__Work item__
Your job is to copy all the entries precisely as they stand.
################
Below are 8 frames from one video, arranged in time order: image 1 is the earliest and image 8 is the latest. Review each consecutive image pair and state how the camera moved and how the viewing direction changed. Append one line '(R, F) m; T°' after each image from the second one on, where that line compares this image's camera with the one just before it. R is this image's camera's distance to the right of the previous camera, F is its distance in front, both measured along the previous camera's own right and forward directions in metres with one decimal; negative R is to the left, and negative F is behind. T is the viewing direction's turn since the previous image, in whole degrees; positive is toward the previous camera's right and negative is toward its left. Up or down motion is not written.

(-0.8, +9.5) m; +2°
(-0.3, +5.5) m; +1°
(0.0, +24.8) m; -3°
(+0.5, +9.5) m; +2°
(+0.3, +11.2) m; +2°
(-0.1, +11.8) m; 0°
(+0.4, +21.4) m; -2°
################
__Finished task__
Below are 8 frames from one video, arranged in time order: image 1 is the earliest and image 8 is the latest. Review each consecutive image pair and state how the camera moved and how the viewing direction changed. Append one line '(R, F) m; T°' after each image from the second one on, where that line compares this image's camera with the one just before it. R is this image's camera's distance to the right of the previous camera, F is its distance in front, both measured along the previous camera's own right and forward directions in metres with one decimal; negative R is to the left, and negative F is behind. T is the viewing direction's turn since the previous image, in whole degrees; positive is toward the previous camera's right and negative is toward its left. Up or down motion is not written.

(-0.8, +9.5) m; +2°
(-0.3, +5.5) m; +1°
(0.0, +24.8) m; -3°
(+0.5, +9.5) m; +2°
(+0.3, +11.2) m; +2°
(-0.1, +11.8) m; 0°
(+0.4, +21.4) m; -2°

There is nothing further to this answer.